"""
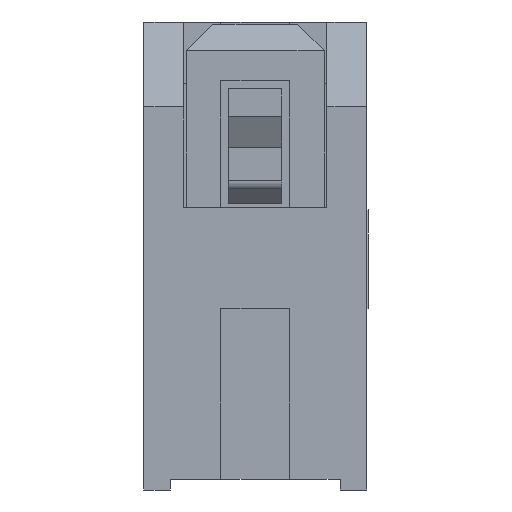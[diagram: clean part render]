
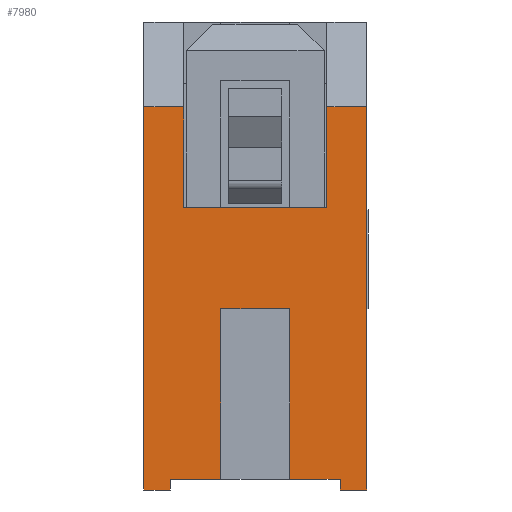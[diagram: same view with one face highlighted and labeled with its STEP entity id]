
A CAD part, left-side view. The second image highlights one B-rep face of the part: STEP entity #7980.
In plain terms, the highlighted planar face has unit normal (-1, 0, 0).
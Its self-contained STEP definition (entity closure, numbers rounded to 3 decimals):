
#61=CARTESIAN_POINT('',(-12.6,0.65,0.));
#62=VERTEX_POINT('',#61);
#69=CARTESIAN_POINT('',(-12.6,0.65,-3.22));
#70=VERTEX_POINT('',#69);
#71=CARTESIAN_POINT('',(-12.6,0.65,-3.22));
#72=DIRECTION('',(0.,0.,1.));
#73=VECTOR('',#72,3.22);
#74=LINE('',#71,#73);
#75=EDGE_CURVE('',#70,#62,#74,.T.);
#147=CARTESIAN_POINT('',(-12.6,-0.65,-3.22));
#148=VERTEX_POINT('',#147);
#155=CARTESIAN_POINT('',(-12.6,-0.65,0.));
#156=VERTEX_POINT('',#155);
#157=CARTESIAN_POINT('',(-12.6,-0.65,0.));
#158=DIRECTION('',(0.,0.,-1.));
#159=VECTOR('',#158,3.22);
#160=LINE('',#157,#159);
#161=EDGE_CURVE('',#156,#148,#160,.T.);
#4842=CARTESIAN_POINT('',(-12.6,-1.6,-3.42));
#4843=VERTEX_POINT('',#4842);
#4844=CARTESIAN_POINT('',(-12.6,-2.1,-3.42));
#4845=VERTEX_POINT('',#4844);
#4846=CARTESIAN_POINT('',(-12.6,-1.6,-3.42));
#4847=DIRECTION('',(0.,-1.,0.));
#4848=VECTOR('',#4847,0.5);
#4849=LINE('',#4846,#4848);
#4850=EDGE_CURVE('',#4843,#4845,#4849,.T.);
#4882=CARTESIAN_POINT('',(-12.6,2.1,-3.42));
#4883=VERTEX_POINT('',#4882);
#4884=CARTESIAN_POINT('',(-12.6,1.6,-3.42));
#4885=VERTEX_POINT('',#4884);
#4886=CARTESIAN_POINT('',(-12.6,2.1,-3.42));
#4887=DIRECTION('',(0.,-1.,0.));
#4888=VECTOR('',#4887,0.5);
#4889=LINE('',#4886,#4888);
#4890=EDGE_CURVE('',#4883,#4885,#4889,.T.);
#4922=CARTESIAN_POINT('',(-12.6,-1.6,-3.22));
#4923=VERTEX_POINT('',#4922);
#4924=CARTESIAN_POINT('',(-12.6,-1.6,-3.22));
#4925=DIRECTION('',(0.,0.,-1.));
#4926=VECTOR('',#4925,0.2);
#4927=LINE('',#4924,#4926);
#4928=EDGE_CURVE('',#4923,#4843,#4927,.T.);
#4953=CARTESIAN_POINT('',(-12.6,1.6,-3.22));
#4954=VERTEX_POINT('',#4953);
#4955=CARTESIAN_POINT('',(-12.6,1.6,-3.42));
#4956=DIRECTION('',(0.,0.,1.));
#4957=VECTOR('',#4956,0.2);
#4958=LINE('',#4955,#4957);
#4959=EDGE_CURVE('',#4885,#4954,#4958,.T.);
#4984=CARTESIAN_POINT('',(-12.6,-0.65,-3.22));
#4985=DIRECTION('',(0.,-1.,0.));
#4986=VECTOR('',#4985,0.95);
#4987=LINE('',#4984,#4986);
#4988=EDGE_CURVE('',#148,#4923,#4987,.T.);
#4993=CARTESIAN_POINT('',(-12.6,1.6,-3.22));
#4994=DIRECTION('',(0.,-1.,0.));
#4995=VECTOR('',#4994,0.95);
#4996=LINE('',#4993,#4995);
#4997=EDGE_CURVE('',#4954,#70,#4996,.T.);
#5072=CARTESIAN_POINT('',(-12.6,-2.1,3.8));
#5073=VERTEX_POINT('',#5072);
#5080=CARTESIAN_POINT('',(-12.6,-2.1,-3.42));
#5081=DIRECTION('',(0.,0.,1.));
#5082=VECTOR('',#5081,7.22);
#5083=LINE('',#5080,#5082);
#5084=EDGE_CURVE('',#4845,#5073,#5083,.T.);
#5323=CARTESIAN_POINT('',(-12.6,2.1,3.8));
#5324=VERTEX_POINT('',#5323);
#5325=CARTESIAN_POINT('',(-12.6,2.1,-3.42));
#5326=DIRECTION('',(0.,0.,1.));
#5327=VECTOR('',#5326,7.22);
#5328=LINE('',#5325,#5327);
#5329=EDGE_CURVE('',#4883,#5324,#5328,.T.);
#7919=CARTESIAN_POINT('',(-12.6,0.,0.99));
#7920=DIRECTION('',(0.,-1.,0.));
#7921=DIRECTION('',(-1.,0.,0.));
#7922=AXIS2_PLACEMENT_3D('',#7919,#7921,#7920);
#7923=PLANE('',#7922);
#7924=CARTESIAN_POINT('',(-12.6,0.65,0.));
#7925=DIRECTION('',(0.,-1.,0.));
#7926=VECTOR('',#7925,1.3);
#7927=LINE('',#7924,#7926);
#7928=EDGE_CURVE('',#62,#156,#7927,.T.);
#7929=ORIENTED_EDGE('',*,*,#7928,.T.);
#7930=ORIENTED_EDGE('',*,*,#161,.T.);
#7931=ORIENTED_EDGE('',*,*,#4988,.T.);
#7932=ORIENTED_EDGE('',*,*,#4928,.T.);
#7933=ORIENTED_EDGE('',*,*,#4850,.T.);
#7934=ORIENTED_EDGE('',*,*,#5084,.T.);
#7935=CARTESIAN_POINT('',(-12.6,-1.35,3.8));
#7936=VERTEX_POINT('',#7935);
#7937=CARTESIAN_POINT('',(-12.6,-2.1,3.8));
#7938=DIRECTION('',(0.,1.,0.));
#7939=VECTOR('',#7938,0.75);
#7940=LINE('',#7937,#7939);
#7941=EDGE_CURVE('',#5073,#7936,#7940,.T.);
#7942=ORIENTED_EDGE('',*,*,#7941,.T.);
#7943=CARTESIAN_POINT('',(-12.6,-1.35,1.9));
#7944=VERTEX_POINT('',#7943);
#7945=CARTESIAN_POINT('',(-12.6,-1.35,3.8));
#7946=DIRECTION('',(0.,0.,-1.));
#7947=VECTOR('',#7946,1.9);
#7948=LINE('',#7945,#7947);
#7949=EDGE_CURVE('',#7936,#7944,#7948,.T.);
#7950=ORIENTED_EDGE('',*,*,#7949,.T.);
#7951=CARTESIAN_POINT('',(-12.6,1.35,1.9));
#7952=VERTEX_POINT('',#7951);
#7953=CARTESIAN_POINT('',(-12.6,1.35,1.9));
#7954=DIRECTION('',(0.,-1.,0.));
#7955=VECTOR('',#7954,2.7);
#7956=LINE('',#7953,#7955);
#7957=EDGE_CURVE('',#7952,#7944,#7956,.T.);
#7958=ORIENTED_EDGE('',*,*,#7957,.F.);
#7959=CARTESIAN_POINT('',(-12.6,1.35,3.8));
#7960=VERTEX_POINT('',#7959);
#7961=CARTESIAN_POINT('',(-12.6,1.35,1.9));
#7962=DIRECTION('',(0.,0.,1.));
#7963=VECTOR('',#7962,1.9);
#7964=LINE('',#7961,#7963);
#7965=EDGE_CURVE('',#7952,#7960,#7964,.T.);
#7966=ORIENTED_EDGE('',*,*,#7965,.T.);
#7967=CARTESIAN_POINT('',(-12.6,1.35,3.8));
#7968=DIRECTION('',(0.,1.,0.));
#7969=VECTOR('',#7968,0.75);
#7970=LINE('',#7967,#7969);
#7971=EDGE_CURVE('',#7960,#5324,#7970,.T.);
#7972=ORIENTED_EDGE('',*,*,#7971,.T.);
#7973=ORIENTED_EDGE('',*,*,#5329,.F.);
#7974=ORIENTED_EDGE('',*,*,#4890,.T.);
#7975=ORIENTED_EDGE('',*,*,#4959,.T.);
#7976=ORIENTED_EDGE('',*,*,#4997,.T.);
#7977=ORIENTED_EDGE('',*,*,#75,.T.);
#7978=EDGE_LOOP('',(#7929,#7930,#7931,#7932,#7933,#7934,#7942,#7950,#7958,#7966,#7972,#7973,#7974,#7975,#7976,#7977));
#7979=FACE_OUTER_BOUND('',#7978,.T.);
#7980=ADVANCED_FACE('',(#7979),#7923,.T.);
"""
» **TASK DETAILS**: Each line from the one with "#7967=CARTESIAN_POINT('',(-12.6,1.35,3.8));" through the end of the entries above is to be returned word for word. Nothing else belongs in the answer.

» **TASK ANSWER**:
#7967=CARTESIAN_POINT('',(-12.6,1.35,3.8));
#7968=DIRECTION('',(0.,1.,0.));
#7969=VECTOR('',#7968,0.75);
#7970=LINE('',#7967,#7969);
#7971=EDGE_CURVE('',#7960,#5324,#7970,.T.);
#7972=ORIENTED_EDGE('',*,*,#7971,.T.);
#7973=ORIENTED_EDGE('',*,*,#5329,.F.);
#7974=ORIENTED_EDGE('',*,*,#4890,.T.);
#7975=ORIENTED_EDGE('',*,*,#4959,.T.);
#7976=ORIENTED_EDGE('',*,*,#4997,.T.);
#7977=ORIENTED_EDGE('',*,*,#75,.T.);
#7978=EDGE_LOOP('',(#7929,#7930,#7931,#7932,#7933,#7934,#7942,#7950,#7958,#7966,#7972,#7973,#7974,#7975,#7976,#7977));
#7979=FACE_OUTER_BOUND('',#7978,.T.);
#7980=ADVANCED_FACE('',(#7979),#7923,.T.);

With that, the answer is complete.